Ne pas utiliser ce dispositif pour des utilisations autres que celles stipulées ici.
Ne pas utiliser si l'emballage est ouvert ou endommagé à la livraison. Examiner
visuellement chaque dispositif en veillant particulièrement à l'absence de plicatures, de
courbures et de ruptures. Ne pas utiliser en cas d'anomalie susceptible d'empêcher le
bon fonctionnement du dispositif. Avertir Cook pour obtenir une autorisation de retour.
Conserver ce dispositif dans un lieu sec, à l'abri de températures extrêmes.

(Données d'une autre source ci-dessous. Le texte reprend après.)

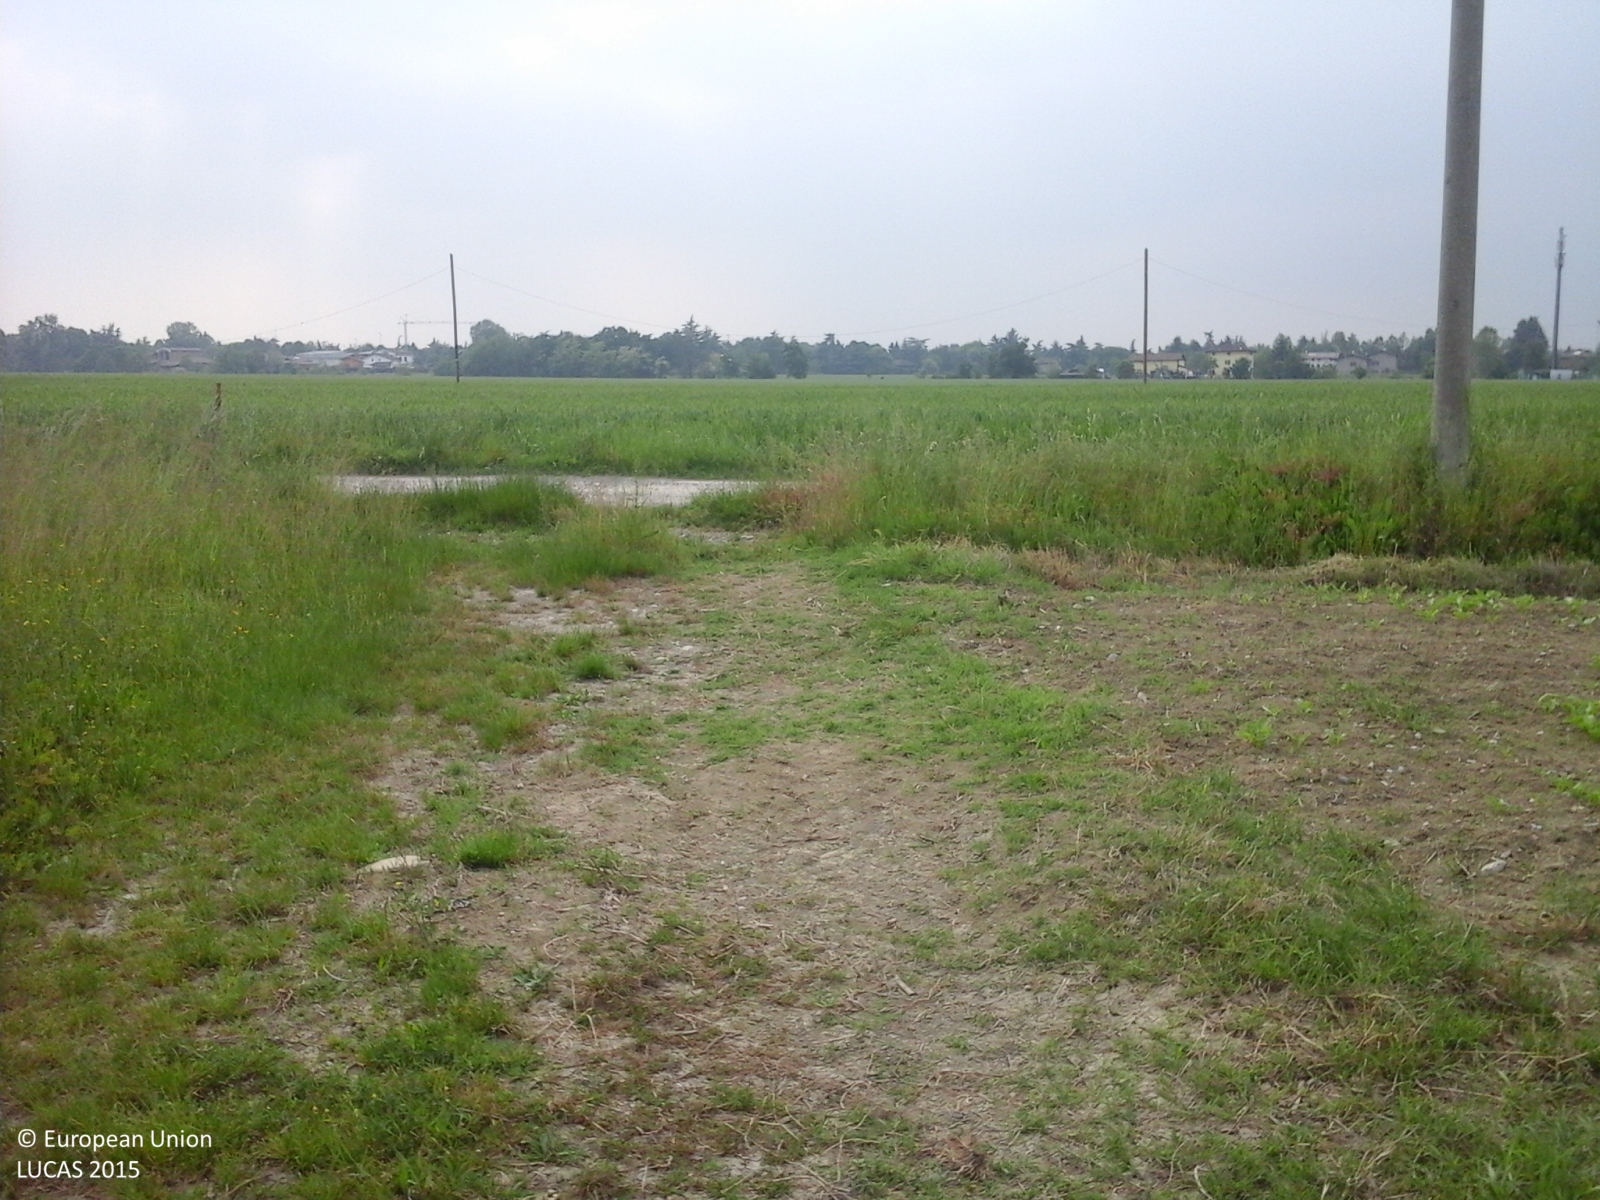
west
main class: Cropland
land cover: Sugar beet
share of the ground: 10 - 25 %
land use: Agriculture (excluding fallow land and kitchen gardens)
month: May
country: IT
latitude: 44.5629
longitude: 10.9171

L'utilisation de ce dispositif est réservée aux professionnels de santé ayant la formation
requise.
Pour les endoprothèses Sof-Flex® de 10 Fr, lubrifier le cathéter guide avec un lubrifiant
hydrosoluble.
Conserver la gaine de positionnement pour l'utiliser lors de l'introduction des rabats de
l'endoprothèse dans le canal opérateur.
CONTRE-INDICATIONS
Les contre-indications propres à une CPRE et aux procédures associées à la mise en place
d'une endoprothèse.
Impossibilité de faire passer le guide ou l'endoprothèse par la zone obstruée.
COMPLICATIONS POSSIBLES
Parmi les complications possibles associées à une CPRE, on citera : pancréatite,
cholangite, aspiration, perforation, hémorragie, infection, sepsis, réaction allergique au
produit de contraste ou à un médicament, hypotension, dépression ou arrêt respiratoire,
arythmie ou arrêt cardiaque.
Parmi les complications possibles associées à la mise en place d'une endoprothèse
biliaire, on citera : traumatisme de la voie biliaire ou du duodénum, obstruction du canal
pancréatique, migration de l'endoprothèse.
MISES EN GARDE
Consulter l'étiquette de l'emballage pour connaître le diamètre de canal minimum
nécessaire pour ce dispositif.
Cette endoprothèse doit être mise en place sous contrôle radioscopique.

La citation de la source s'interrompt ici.